DATA RECORDS:
============
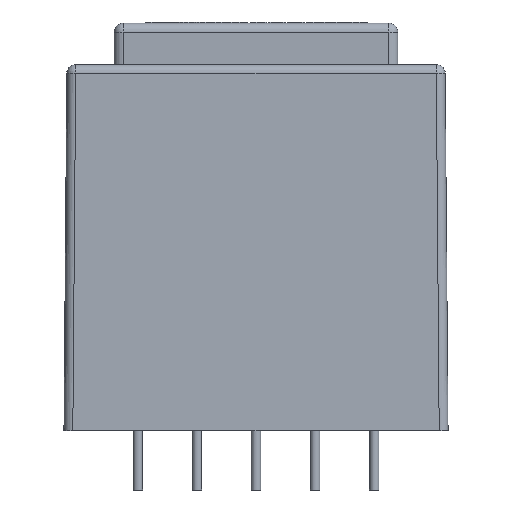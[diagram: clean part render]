
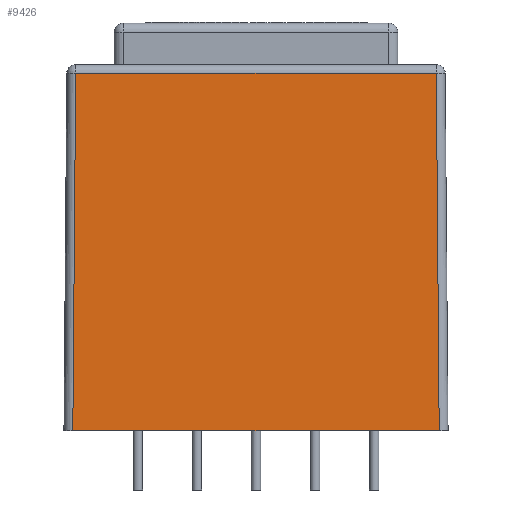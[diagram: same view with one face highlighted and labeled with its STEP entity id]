
A CAD part, front view. The second image highlights one B-rep face of the part: STEP entity #9426.
In plain terms, the highlighted planar face has unit normal (0, -1, 0.008).
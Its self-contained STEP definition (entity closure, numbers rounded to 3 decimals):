
#770=PLANE('',#10046);
#1073=FACE_OUTER_BOUND('',#1625,.T.);
#1625=EDGE_LOOP('',(#6565,#6566,#6567,#6568));
#2191=LINE('',#12346,#3117);
#2194=LINE('',#12353,#3120);
#2199=LINE('',#12364,#3125);
#2207=LINE('',#12382,#3133);
#3117=VECTOR('',#10532,10.);
#3120=VECTOR('',#10539,10.);
#3125=VECTOR('',#10552,10.);
#3133=VECTOR('',#10572,10.);
#4119=VERTEX_POINT('',#12332);
#4124=VERTEX_POINT('',#12342);
#4125=VERTEX_POINT('',#12349);
#4128=VERTEX_POINT('',#12362);
#5085=EDGE_CURVE('',#4119,#4124,#2191,.T.);
#5089=EDGE_CURVE('',#4124,#4125,#2194,.T.);
#5095=EDGE_CURVE('',#4128,#4119,#2199,.T.);
#5105=EDGE_CURVE('',#4125,#4128,#2207,.T.);
#6565=ORIENTED_EDGE('',*,*,#5089,.F.);
#6566=ORIENTED_EDGE('',*,*,#5085,.F.);
#6567=ORIENTED_EDGE('',*,*,#5095,.F.);
#6568=ORIENTED_EDGE('',*,*,#5105,.F.);
#9426=ADVANCED_FACE('',(#1073),#770,.T.);
#10046=AXIS2_PLACEMENT_3D('',#12381,#10570,#10571);
#10532=DIRECTION('',(1.,0.,0.));
#10539=DIRECTION('',(0.008,-0.008,-1.));
#10552=DIRECTION('',(0.008,0.008,1.));
#10570=DIRECTION('center_axis',(0.,-1.,
0.008));
#10571=DIRECTION('ref_axis',(0.,-0.008,
-1.));
#10572=DIRECTION('',(-1.,0.,0.));
#12332=CARTESIAN_POINT('',(-15.256,-13.506,30.256));
#12342=CARTESIAN_POINT('',(15.256,-13.506,30.256));
#12346=CARTESIAN_POINT('',(8.,-13.506,30.256));
#12349=CARTESIAN_POINT('',(15.5,-13.75,0.));
#12353=CARTESIAN_POINT('',(15.249,-13.499,31.103));
#12362=CARTESIAN_POINT('',(-15.5,-13.75,0.));
#12364=CARTESIAN_POINT('',(-15.249,-13.499,31.123));
#12381=CARTESIAN_POINT('Origin',(16.,-13.5,31.));
#12382=CARTESIAN_POINT('',(16.25,-13.75,0.));
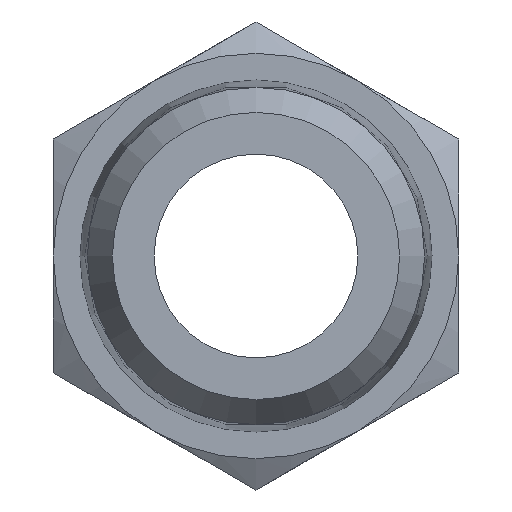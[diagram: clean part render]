
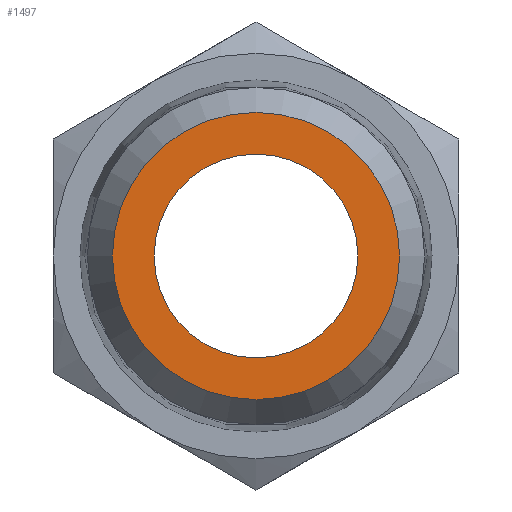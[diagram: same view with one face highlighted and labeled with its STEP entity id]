
A CAD part, left-side view. The second image highlights one B-rep face of the part: STEP entity #1497.
In plain terms, the highlighted planar face has unit normal (-1, 0, 0).
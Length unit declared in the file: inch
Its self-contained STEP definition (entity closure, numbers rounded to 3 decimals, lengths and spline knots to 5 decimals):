
#67=FACE_BOUND('',#281,.T.);
#107=PLANE('',#1648);
#181=FACE_OUTER_BOUND('',#280,.T.);
#280=EDGE_LOOP('',(#1321));
#281=EDGE_LOOP('',(#1322));
#592=CIRCLE('',#1636,0.11);
#594=CIRCLE('',#1640,0.155);
#735=VERTEX_POINT('',#2504);
#737=VERTEX_POINT('',#2510);
#932=EDGE_CURVE('',#735,#735,#592,.T.);
#934=EDGE_CURVE('',#737,#737,#594,.T.);
#1321=ORIENTED_EDGE('',*,*,#934,.T.);
#1322=ORIENTED_EDGE('',*,*,#932,.T.);
#1497=ADVANCED_FACE('',(#181,#67),#107,.F.);
#1636=AXIS2_PLACEMENT_3D('',#2505,#2031,#2032);
#1640=AXIS2_PLACEMENT_3D('',#2511,#2039,#2040);
#1648=AXIS2_PLACEMENT_3D('',#2523,#2055,#2056);
#2031=DIRECTION('center_axis',(1.,0.,0.));
#2032=DIRECTION('ref_axis',(0.,1.,0.));
#2039=DIRECTION('center_axis',(-1.,0.,0.));
#2040=DIRECTION('ref_axis',(0.,0.,1.));
#2055=DIRECTION('center_axis',(1.,0.,0.));
#2056=DIRECTION('ref_axis',(0.,0.,-1.));
#2504=CARTESIAN_POINT('',(-0.485,-0.11,0.));
#2505=CARTESIAN_POINT('Origin',(-0.485,0.,0.));
#2510=CARTESIAN_POINT('',(-0.485,0.,0.155));
#2511=CARTESIAN_POINT('Origin',(-0.485,0.,0.));
#2523=CARTESIAN_POINT('Origin',(-0.485,0.09033,0.));
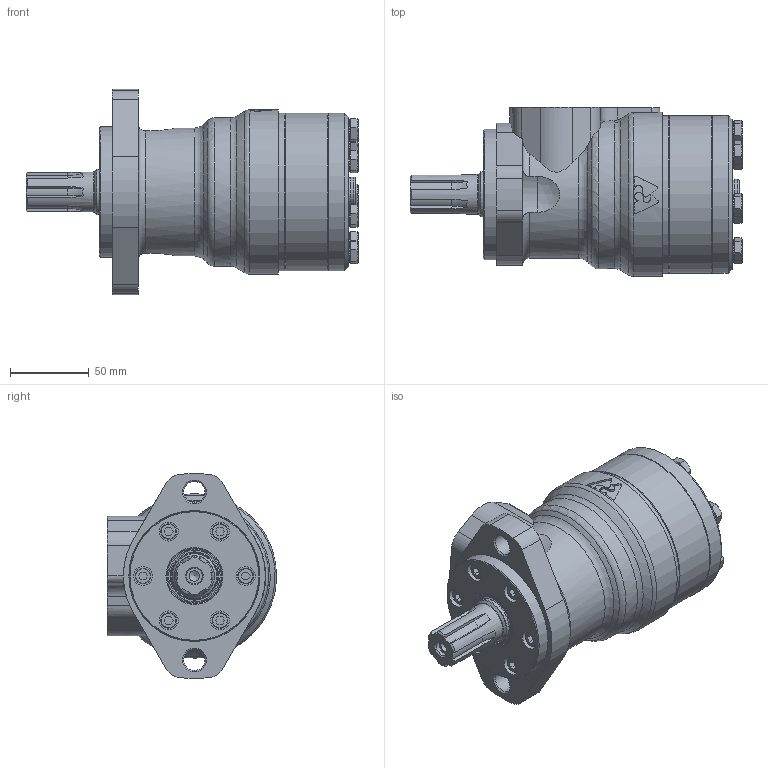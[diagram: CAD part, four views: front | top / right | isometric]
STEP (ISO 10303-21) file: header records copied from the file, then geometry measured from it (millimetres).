
FILE_DESCRIPTION(/* description */ ('STEP AP214'),/* implementation_level */ '2;1');
FILE_NAME(/* name */ 'MR160SHUP.stp',/* time_stamp */ '2023-02-13T09:00:01+01:00',/* author */ ('msn'),/* organization */ (''),/* preprocessor_version */ 'ST-DEVELOPER v19.2',/* originating_system */ 'Autodesk Inventor 2023',/* authorisation */ ' ');
FILE_SCHEMA (('AUTOMOTIVE_DESIGN { 1 0 10303 214 3 1 1 }'));
Length unit declared in the file: millimetre
Products named in the file (7): MR160SHU; _MRB; _MPSHSH; _MPFMF; _MRVP; _MR160D; _MRF
Assembly tree (6 placements, depth 2):
  MR160SHU
    _MRB
    _MPSHSH
    _MPFMF
    _MRVP
    _MR160D
    _MRF
Bounding box: 210.2 x 107 x 129.82 mm (x, y, z)
Volume: 1164550.6 mm3; surface area: 149635.2 mm2
Topology: 6 solids, 6 shells, 431 faces, 1011 edges, 633 vertices
Faces by surface type: plane 219, cylinder 93, cone 93, torus 24, sphere 2
Full cylindrical faces by diameter (mm): 2 x2, 6.647 x5, 7 x1, 10 x7, 11.9 x7, 12 x6, 13 x7, 13.35 x2, 18 x1, 18.631 x2, 19 x1, 25.32 x1, 28.56 x1, 29 x1, 32.6 x1, 35 x1, 82.3 x1, 82.5 x1, 82.55 x1, 100 x3, 104 x1
Entity records: 12958 total; most frequent: CARTESIAN_POINT 2942, DIRECTION 2084, ORIENTED_EDGE 2002, EDGE_CURVE 1001, AXIS2_PLACEMENT_3D 812, VERTEX_POINT 633, EDGE_LOOP 488, LINE 460
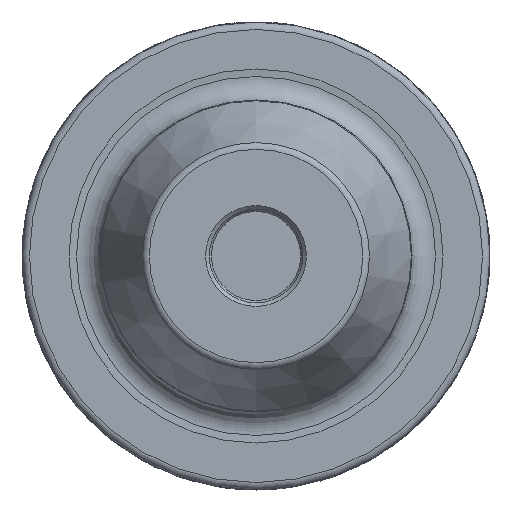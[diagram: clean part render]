
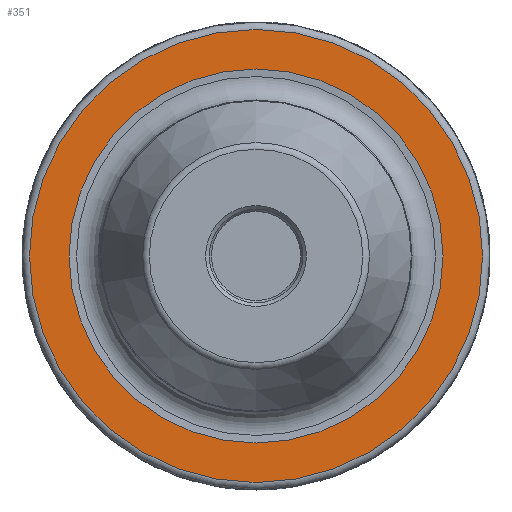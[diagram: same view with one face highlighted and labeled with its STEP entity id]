
A CAD part, left-side view. The second image highlights one B-rep face of the part: STEP entity #351.
In plain terms, the highlighted planar face has unit normal (-1, 0, 0).
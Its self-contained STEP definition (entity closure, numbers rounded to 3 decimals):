
#165=PLANE('',#1364);
#351=ADVANCED_FACE('',(#432,#433),#165,.F.);
#432=FACE_BOUND('',#512,.T.);
#433=FACE_BOUND('',#513,.T.);
#512=EDGE_LOOP('',(#722));
#513=EDGE_LOOP('',(#723));
#722=ORIENTED_EDGE('',*,*,#1167,.T.);
#723=ORIENTED_EDGE('',*,*,#1166,.F.);
#1016=VERTEX_POINT('',#2385);
#1017=VERTEX_POINT('',#2388);
#1166=EDGE_CURVE('',#1016,#1016,#1265,.T.);
#1167=EDGE_CURVE('',#1017,#1017,#1266,.T.);
#1265=CIRCLE('',#1361,30.495);
#1266=CIRCLE('',#1363,25.174);
#1361=AXIS2_PLACEMENT_3D('',#2384,#1601,#1602);
#1363=AXIS2_PLACEMENT_3D('',#2387,#1605,#1606);
#1364=AXIS2_PLACEMENT_3D('',#2389,#1607,#1608);
#1601=DIRECTION('',(1.,0.,0.));
#1602=DIRECTION('',(0.,0.,1.));
#1605=DIRECTION('',(1.,0.,0.));
#1606=DIRECTION('',(0.,0.,1.));
#1607=DIRECTION('',(1.,0.,0.));
#1608=DIRECTION('',(0.,0.,-1.));
#2384=CARTESIAN_POINT('',(36.,0.,0.));
#2385=CARTESIAN_POINT('',(36.,0.,30.495));
#2387=CARTESIAN_POINT('',(36.,0.,0.));
#2388=CARTESIAN_POINT('',(36.,0.,25.174));
#2389=CARTESIAN_POINT('',(36.,30.495,0.));
============
DIRECTIONS FOR THIS TASK: For the entries above, print exactly the lines between the one with "[diagram: CAD part, four" and the one with "Faces by surface", inclusive, with no pictures.

TASK SOLUTION:
[diagram: CAD part, four views: front | top / right | isometric]
STEP (ISO 10303-21) file: header records copied from the file, then geometry measured from it (millimetres).
FILE_DESCRIPTION(/* description */ ('STEP AP214'),/* implementation_level */ '2;1');
FILE_NAME(/* name */ 'MR160SHUP.stp',/* time_stamp */ '2023-02-13T09:00:01+01:00',/* author */ ('msn'),/* organization */ (''),/* preprocessor_version */ 'ST-DEVELOPER v19.2',/* originating_system */ 'Autodesk Inventor 2023',/* authorisation */ ' ');
FILE_SCHEMA (('AUTOMOTIVE_DESIGN { 1 0 10303 214 3 1 1 }'));
Length unit declared in the file: millimetre
Products named in the file (7): MR160SHU; _MRB; _MPSHSH; _MPFMF; _MRVP; _MR160D; _MRF
Assembly tree (6 placements, depth 2):
  MR160SHU
    _MRB
    _MPSHSH
    _MPFMF
    _MRVP
    _MR160D
    _MRF
Bounding box: 210.2 x 107 x 129.82 mm (x, y, z)
Volume: 1164550.6 mm3; surface area: 149635.2 mm2
Topology: 6 solids, 6 shells, 431 faces, 1011 edges, 633 vertices
Faces by surface type: plane 219, cylinder 93, cone 93, torus 24, sphere 2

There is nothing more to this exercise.